Thermophysical Properties of Ferromagnetic Materials

$1.54M USD

Funder National Science Foundation (US)
Recipient Organization California Institute of Technology
Country United States
Start Date Dec 01, 2024
End Date Nov 30, 2027
Duration 1,094 days
Number of Grantees 1
Roles Principal Investigator
Data Source National Science Foundation (US)
Grant ID 2411817
Grant Description

NON-TECHNICAL ABSTRACT

When heated, all materials change their volume, and the celebrated discovery of the low thermal expansion of Fe65Ni35 "Invar" led to a Nobel prize. Only recently has this Invar behavior become understood as a delicate competition between atom vibrations and magnetic spins in the material. This competition likely occurs in all magnetic materials. Besides competing, vibrations and spins can influence each other through "spin-phonon interactions."

There is some evidence that spin-phonon interactions can improve the efficiency of magnetic refrigerators, which are not yet practical as household appliances. The "magnetocaloric" alloy La1Fe11.5Si1.5, with chemical substitutions for La and Fe, holds promise for practical refrigerators. Perhaps spin-phonon interactions in a variant of La1Fe11.5Si1.5 can couple the large heat capacity of atom vibrations to the change in magnetism with temperature.

This research is an experimental study of how magnetism changes the thermal expansion of metals such as Fe-Pd, La1Fe11.5Si1.5, and perhaps EuO. Labs at Caltech are used to measure heat capacity, magnetization, and thermal expansion at temperatures from 2-400 K in applied magnetic fields. Three different types of X-ray scattering measurements at the Advanced Photon Source in Argonne, IL, provide a detailed understanding of vibrations and spins.

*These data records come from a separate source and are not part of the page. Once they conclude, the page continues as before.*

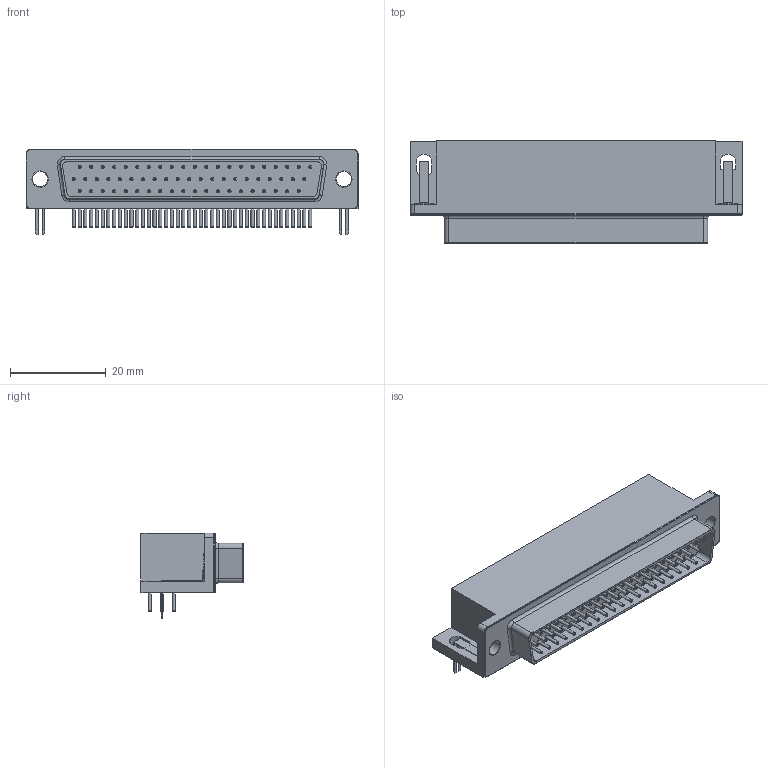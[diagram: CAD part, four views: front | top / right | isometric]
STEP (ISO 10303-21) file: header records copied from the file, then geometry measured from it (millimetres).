
FILE_DESCRIPTION(/* description */ ('model of DSUB-62-HD_Male_Horizontal_P2.41x2.54mm_EdgePinOffset8.35mm_Housed_MountingHolesOffset10.89mm'),/* implementation_level */ '2;1');
FILE_NAME(/* name */ 'DSUB-62-HD_Male_Horizontal_P2.41x2.54mm_EdgePinOffset8.35mm_Housed_MountingHolesOffset10.89mm.step',/* time_stamp */ '2024-11-10T12:19:07',/* author */ ('KiCAD','kicad'),/* organization */ ('OCCT'),/* preprocessor_version */ '',/* originating_system */ 'KiCAD',/* authorisation */ '');
FILE_SCHEMA(('AUTOMOTIVE_DESIGN { 1 0 10303 214 1 1 1 1 }'));
Length unit declared in the file: millimetre
Products named in the file (1): DSUB-62-HD_Male_Horizontal_P2.41x2.54mm_EdgePinOffset8.35mm_Housed_
MountingHolesOffset10.89mm
Bounding box: 69.4 x 21.33 x 17.9 mm (x, y, z)
Volume: 13231 mm3; surface area: 7112.6 mm2
Topology: 1 solids, 2 shells, 560 faces, 1134 edges, 702 vertices
Faces by surface type: cylinder 221, plane 197, torus 134, cone 4, revolution 4
Full cylindrical faces by diameter (mm): 0.64 x186, 3.2 x2, 4 x2
Entity records: 23026 total; most frequent: DIRECTION 2962, CARTESIAN_POINT 2809, ORIENTED_EDGE 2268, AXIS2_PLACEMENT_3D 1271, EDGE_CURVE 1134, PRESENTATION_STYLE_ASSIGNMENT 838, SURFACE_STYLE_USAGE 838, SURFACE_SIDE_STYLE 838
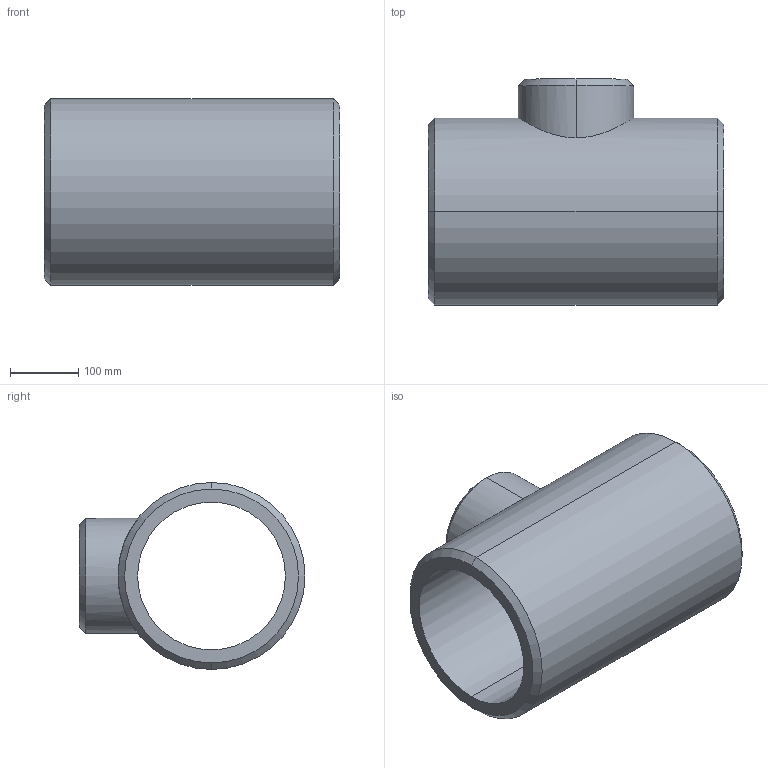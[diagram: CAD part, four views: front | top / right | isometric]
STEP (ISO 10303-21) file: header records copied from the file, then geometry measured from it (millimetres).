
FILE_DESCRIPTION (( 'STEP AP203' ), '1' );
FILE_NAME ('RTee Inch10x10x6Sch160.STEP', '2025-05-10T01:16:11', '' );
FILE_SCHEMA (( 'CONFIG_CONTROL_DESIGN' ));
Length unit declared in the file: inch
Products named in the file (1): RTee Inch10x10x6Sch160
Bounding box: 431.8 x 330.07 x 273.05 mm (x, y, z)
Volume: 9931383.2 mm3; surface area: 743369.5 mm2
Topology: 1 solids, 1 shells, 17 faces, 36 edges, 22 vertices
Faces by surface type: cylinder 8, cone 6, plane 3
Entity records: 862 total; most frequent: CARTESIAN_POINT 399, DIRECTION 86, ORIENTED_EDGE 72, EDGE_CURVE 36, AXIS2_PLACEMENT_3D 36, VERTEX_POINT 22, EDGE_LOOP 22, CIRCLE 18
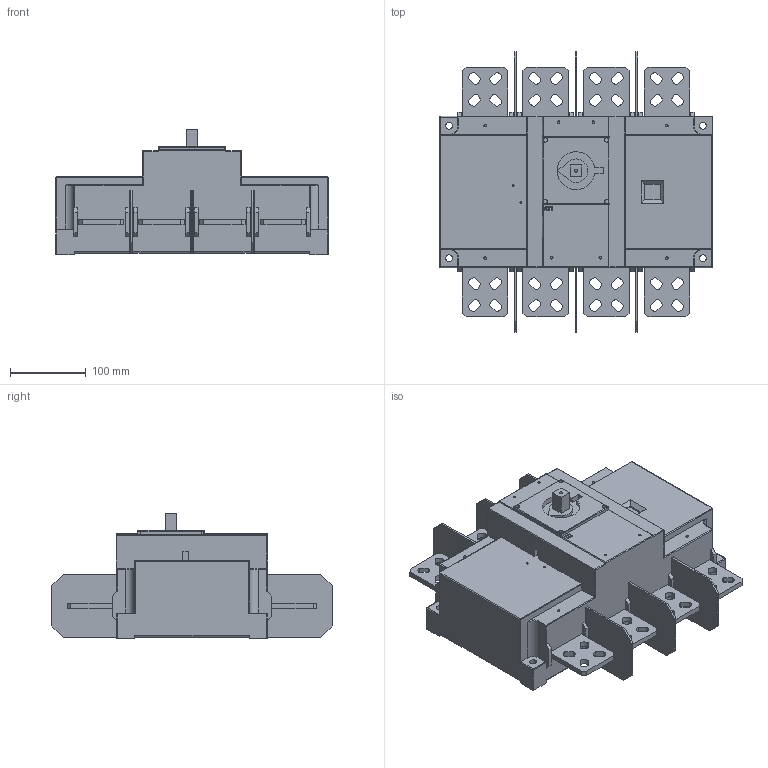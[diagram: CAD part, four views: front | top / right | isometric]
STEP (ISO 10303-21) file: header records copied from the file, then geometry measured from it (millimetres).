
FILE_DESCRIPTION((''),'2;1');
FILE_NAME('004661456_LBS_1250_3P_ASM','2021-09-22T',('marketing.praksa'),('Audax d.o.o.'),'CREO PARAMETRIC BY PTC INC, 2017480','CREO PARAMETRIC BY PTC INC, 2017480','');
FILE_SCHEMA(('AUTOMOTIVE_DESIGN { 1 0 10303 214 1 1 1 1 }'));
Length unit declared in the file: millimetre
Products named in the file (17): 26003119_01_1; 26003119_02_1; 26003119_03_1; FH_ASM; 26003119_04_1; PRT9571_1_1; PRT9571_1_2; PRT9571_1_3; PRT9571_1_5; PRT9571_1_6; PRT9571_1_4; PRT9571_1_ASM; BETA_1; LBS_1250_4P; PRT9567; PRT9568; 004661456_LBS_1250_3P_ASM
Assembly tree (19 placements, depth 3):
  004661456_LBS_1250_3P_ASM
    26003119_01_1
    FH_ASM  x2
      26003119_02_1
      26003119_03_1
    26003119_04_1
    PRT9571_1_ASM
      PRT9571_1_1
      PRT9571_1_2
      PRT9571_1_3
      PRT9571_1_5  x2
      PRT9571_1_6  x2
      PRT9571_1_4
    BETA_1
    LBS_1250_4P
    PRT9567
    PRT9568
Bounding box: 360 x 370 x 166 mm (x, y, z)
Volume: 8264045.1 mm3; surface area: 481697.7 mm2
Topology: 20 solids, 20 shells, 795 faces, 2059 edges, 1347 vertices
Faces by surface type: plane 532, cylinder 239, sphere 20, torus 4
Entity records: 33658 total; most frequent: CARTESIAN_POINT 4000, DIRECTION 3776, ORIENTED_EDGE 3686, PRESENTATION_STYLE_ASSIGNMENT 2574, STYLED_ITEM 2574, CURVE_STYLE 1843, EDGE_CURVE 1843, VECTOR 1386
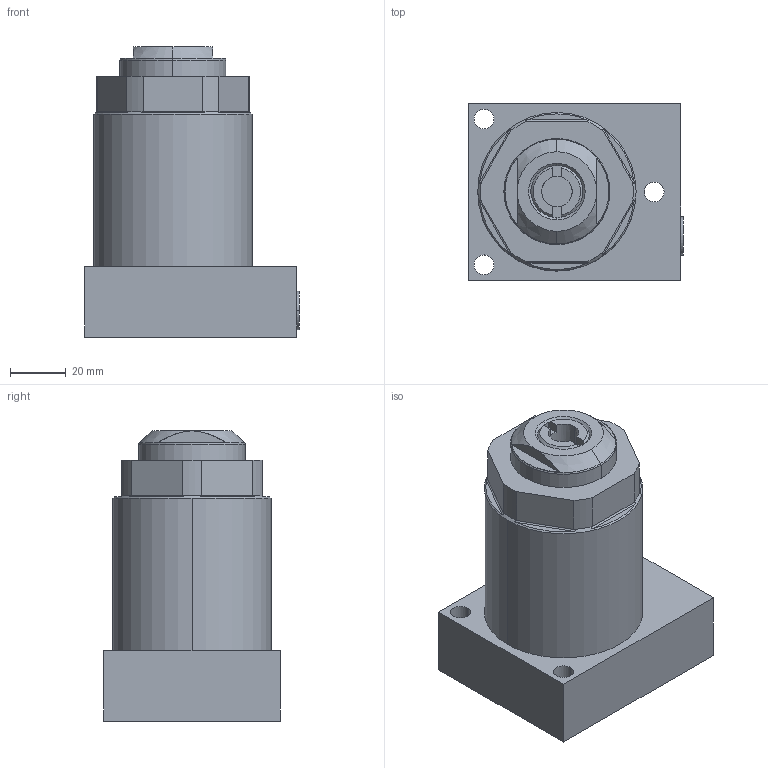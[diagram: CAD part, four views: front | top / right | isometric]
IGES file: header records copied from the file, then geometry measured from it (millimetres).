
Start section:  PTC IGES file: ilc10051506.igs
Global section: file name: ilc10051506.igs; native system: Pro/ENGINEER by Parametric Technology Corporation; preprocessor: 2005180; author: kr; organization: Unknown; date: 071102.100312; units: inch
Bounding box: 77.22 x 63.5 x 104.27 mm (x, y, z)
Surface area: 33222 mm2 (no closed solid volume)
Topology: 0 solids, 0 shells, 91 faces, 432 edges, 430 vertices
Faces by surface type: revolution 52, bspline 39
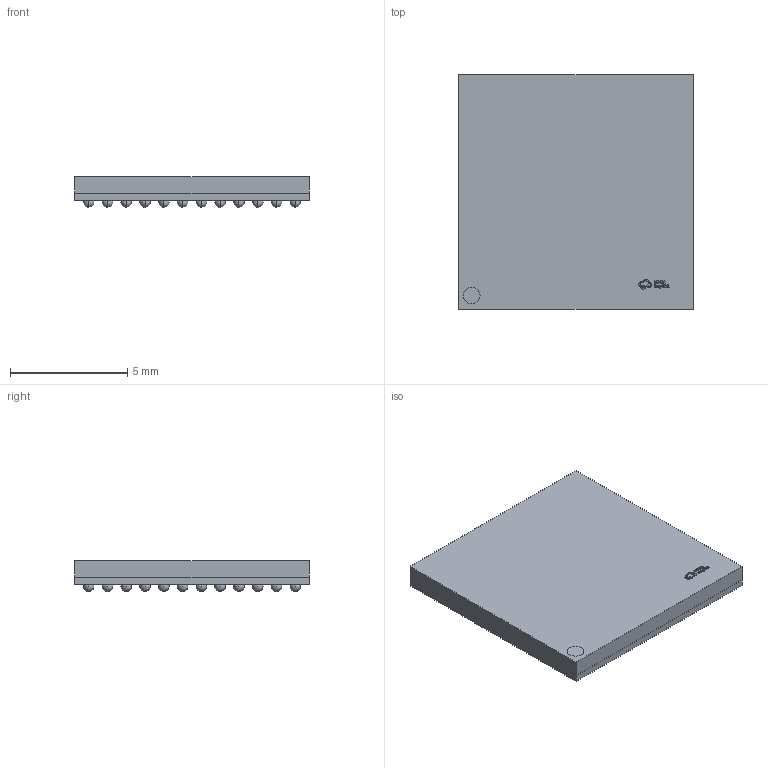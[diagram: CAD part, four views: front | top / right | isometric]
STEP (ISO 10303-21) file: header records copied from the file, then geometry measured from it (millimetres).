
FILE_DESCRIPTION (( 'STEP AP214' ), '1' );
FILE_NAME ('CSPBGA-144_L10.0-W10.0-R12-C12-P0.80-BL.step', '2022-06-22T14:23:20', ( '' ), ( '' ), 'SwSTEP 2.0', 'SolidWorks 2020', '' );
FILE_SCHEMA (( 'AUTOMOTIVE_DESIGN' ));
Length unit declared in the file: millimetre
Products named in the file (1): CSPBGA-144_L10.0-W10.0-R12-C12-P0.80-BL
Bounding box: 10 x 10 x 1.33 mm (x, y, z)
Volume: 105.5 mm3; surface area: 486.4 mm2
Topology: 2 solids, 2 shells, 586 faces, 2097 edges, 1398 vertices
Faces by surface type: sphere 288, plane 184, bspline 112, cylinder 2
Entity records: 24994 total; most frequent: CARTESIAN_POINT 5034, ORIENTED_EDGE 2754, DIRECTION 2679, EDGE_CURVE 1377, AXIS2_PLACEMENT_3D 1055, VERTEX_POINT 966, EDGE_LOOP 757, UNCERTAINTY_MEASURE_WITH_UNIT 590
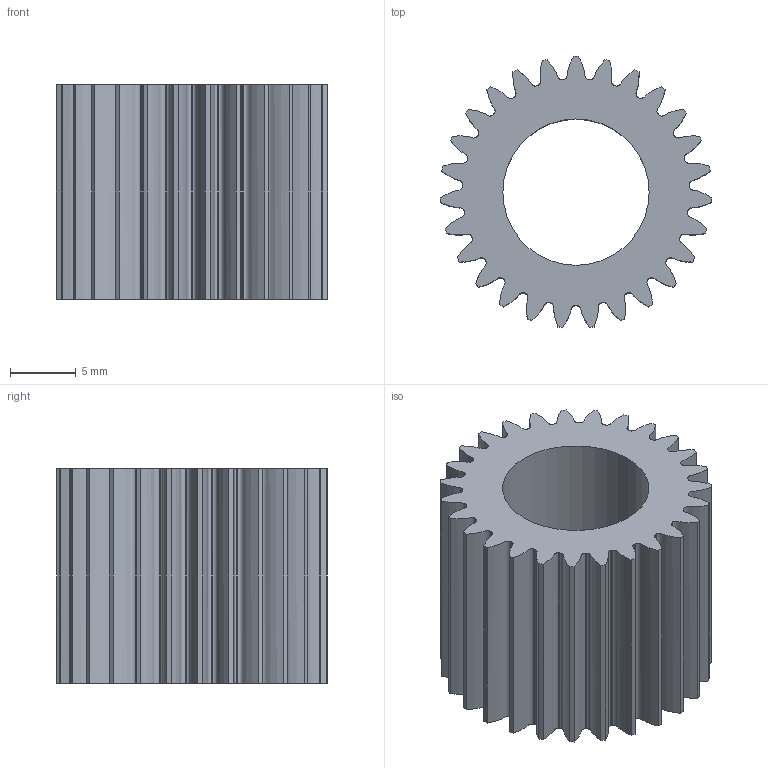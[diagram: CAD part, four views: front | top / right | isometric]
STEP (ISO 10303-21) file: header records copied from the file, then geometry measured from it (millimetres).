
FILE_DESCRIPTION(/* description */ ('STEP AP203'),/* implementation_level */ '2;1');
FILE_NAME(/* name */ 'SUN-37',/* time_stamp */ '2024-08-02T12:19:11-04:00',/* author */ (' '),/* organization */ (' '),/* preprocessor_version */ 'ST-DEVELOPER v19.3',/* originating_system */ ' ',/* authorisation */ ' ');
FILE_SCHEMA (('CONFIG_CONTROL_DESIGN'));
Length unit declared in the file: metre
Products named in the file (1): id2
Bounding box: 20.57 x 20.54 x 16.3 mm (x, y, z)
Volume: 2983.5 mm3; surface area: 2883.7 mm2
Topology: 1 solids, 1 shells, 138 faces, 408 edges, 272 vertices
Faces by surface type: plane 56, bspline 54, cylinder 28
Full cylindrical faces by diameter (mm): 11.1 x1
Entity records: 6532 total; most frequent: CARTESIAN_POINT 3140, ORIENTED_EDGE 814, DIRECTION 525, EDGE_CURVE 407, VERTEX_POINT 272, LINE 243, VECTOR 243, EDGE_LOOP 141
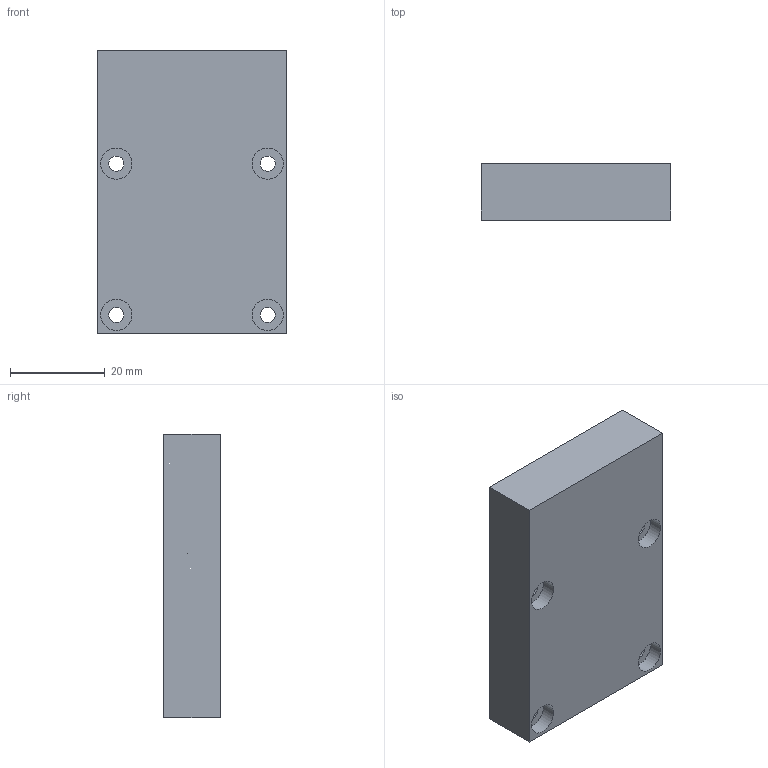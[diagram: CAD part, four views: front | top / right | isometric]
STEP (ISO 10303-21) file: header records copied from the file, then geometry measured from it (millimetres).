
FILE_DESCRIPTION(/* description */ ('STEP AP242','CAx-IF Rec.Pracs.---Representation and Presentation of Product Manufacturing Information (PMI)---4.0---2014-10-13','CAx-IF Rec.Pracs.---3D Tessellated Geometry---0.4---2014-09-14','2;1'),/* implementation_level */ '2;1');
FILE_NAME(/* name */ '66f4b2092d1f26197dc050aa',/* time_stamp */ '2024-09-26T00:59:53Z',/* author */ (''),/* organization */ (''),/* preprocessor_version */ 'ST-DEVELOPER v20',/* originating_system */ ' ',/* authorisation */ ' ');
FILE_SCHEMA (('AP242_MANAGED_MODEL_BASED_3D_ENGINEERING_MIM_LF { 1 0 10303 442 1 1 4 }'));
Length unit declared in the file: metre
Products named in the file (1): Part 1
Bounding box: 40 x 12 x 60 mm (x, y, z)
Volume: 27785.9 mm3; surface area: 7874.6 mm2
Topology: 1 solids, 1 shells, 26 faces, 48 edges, 32 vertices
Faces by surface type: plane 14, cylinder 12
Full cylindrical faces by diameter (mm): 3.2 x4, 6.6 x8
Entity records: 634 total; most frequent: DIRECTION 114, CARTESIAN_POINT 95, ORIENTED_EDGE 72, EDGE_LOOP 54, FACE_BOUND 54, AXIS2_PLACEMENT_3D 51, EDGE_CURVE 36, VERTEX_POINT 32
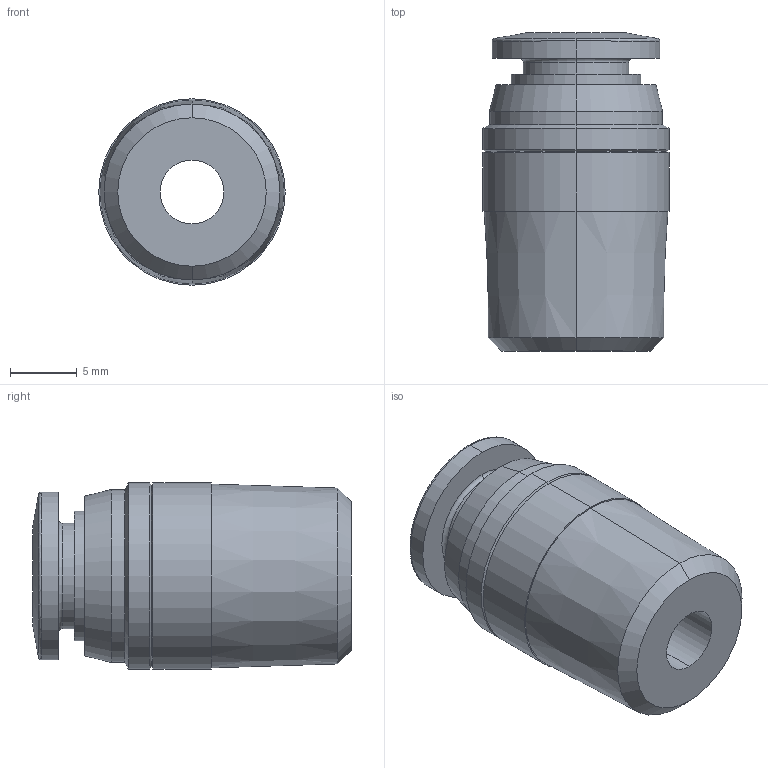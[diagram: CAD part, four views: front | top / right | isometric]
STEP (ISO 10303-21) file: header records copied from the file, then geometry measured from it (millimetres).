
FILE_DESCRIPTION (( 'STEP AP214' ), '1' );
FILE_NAME ('MSR14-14N.step', '2016-02-24T20:45:28', ( '' ), ( '' ), 'SwSTEP 2.0', 'SolidWorks 2015', '' );
FILE_SCHEMA (( 'AUTOMOTIVE_DESIGN' ));
Length unit declared in the file: inch
Products named in the file (1): MSR14-14N
Bounding box: 14 x 23.9 x 14 mm (x, y, z)
Volume: 2489.9 mm3; surface area: 1772.5 mm2
Topology: 1 solids, 1 shells, 44 faces, 88 edges, 50 vertices
Faces by surface type: cone 16, cylinder 16, plane 6, bspline 4, torus 2
Entity records: 1800 total; most frequent: CARTESIAN_POINT 243, DIRECTION 226, ORIENTED_EDGE 176, AXIS2_PLACEMENT_3D 97, EDGE_CURVE 88, CIRCLE 56, EDGE_LOOP 50, VERTEX_POINT 50

The work is part of a Ph.D. thesis at Caltech. The graduate student and the principal investigator are mentoring a summer undergraduate research fellow, and mentoring high school students in a new summer program at Caltech to show them first-hand how scientific research is done. TECHNICAL ABSTRACT

Thermal expansion and magnetocaloric properties of ferromagnetic metals are studied with measurements of heat capacity and magnetization at temperatures from 2-400 K and magnetic fields up to 9 T. Materials of interest include Fe-Pd, chemical variants of La1Fe11.5Si1.5, and perhaps Tb-Dy and EuO. Measurements with nuclear resonant scattering of synchrotron radiation provide entropies from both atom vibrations and magnetism.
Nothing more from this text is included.